Abbott makes progress with wearable for diabetic ketoacidosis

by Stephen Riddle

Abbott is already a big player in the wearable glucose-monitoring sector, and has started working on a new device that will measure both glucose and ketones, potentially serving as a warning system for a life-threatening complication of diabetes known as ketoacidosis.

The system – which already has a breakthrough device designation from the FDA – will take the form of a small patch-like device similar to Abbott’s FreeStyle Libre 3 device (pictured above), and a prototype version is already in clinical testing.

Diabetic ketoacidosis (DKA) is a build-up of substances called ketones in the blood that can happen if a patient’s blood glucose levels are too high for too long, and is caused by a lack of insulin which results in body fat being broken down for energy.

If ketone levels rise too far, patients can pass out, go into a coma, and even die if levels of ketones aren’t quickly reduced.
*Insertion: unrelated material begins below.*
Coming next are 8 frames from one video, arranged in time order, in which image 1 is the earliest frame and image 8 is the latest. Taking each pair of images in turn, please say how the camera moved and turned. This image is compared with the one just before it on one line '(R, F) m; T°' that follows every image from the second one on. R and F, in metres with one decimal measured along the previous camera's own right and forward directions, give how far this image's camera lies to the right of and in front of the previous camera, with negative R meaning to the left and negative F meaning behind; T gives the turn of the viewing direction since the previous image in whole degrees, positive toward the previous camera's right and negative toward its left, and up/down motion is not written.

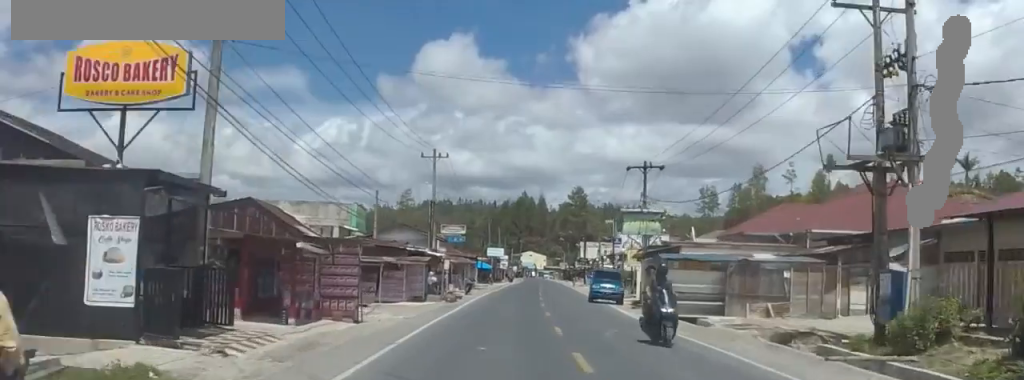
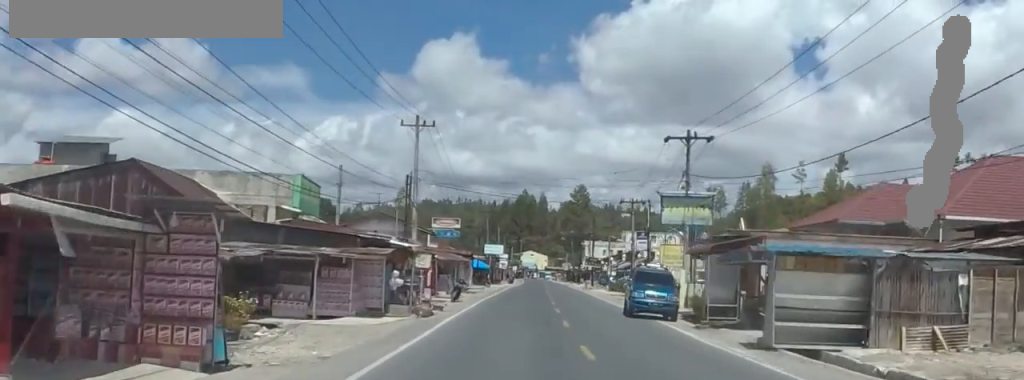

In the US alone, there are hundreds of thousands of emergency room visits and hospitalisations for DKA each year.

According to Abbott, there is a pressing need for a continuous glucose-ketone monitor for individuals who are at higher risk of developing ketoacidosis.

That includes children and young adults with type 1 diabetes, as well as patients with type 1 or 2 diabetes who have other health issue – such as infections – that can contribute to elevations in blood glucose levels. With continuous monitoring, rising ketone levels can be detected early.

At the moment however few people with diabetes are regularly monitoring their ketones because the current methods of testing using blood or urine samples can be costly and burdensome, said the company in a statement on the new development.

Abbott’s programme comes amid calls for continuous ketone monitoring from a number of diabetes specialist, including clinicians on a panel organised by the Diabetes Technology Society who drew up a checklist of recommendations for glucose and ketone monitoring devices last year.

The Juvenile Diabetes Research Foundation (JDRF) organisation meanwhile has welcomed Abbott’s programme, saying that continuous glucose-ketone monitoring will be the key to bringing the incidence of DKA down.

JDRF CEO Aaron Kowalski said the devices would also enable broader use of SGLT2 inhibitors, a class of medicines that “improve blood glucose and are expected to improve heart and kidney outcomes for people with type 1 diabetes but have been held back because they increase the risk of DKA.”

The new wearable is scheduled to start pivotal trials next year, said Abbott.

It has been designed to slot into the company’s digital platform for patient monitoring – which also includes mobile apps for patients and caregivers and cloud-based data management software for healthcare workers – and pair with insulin pumps.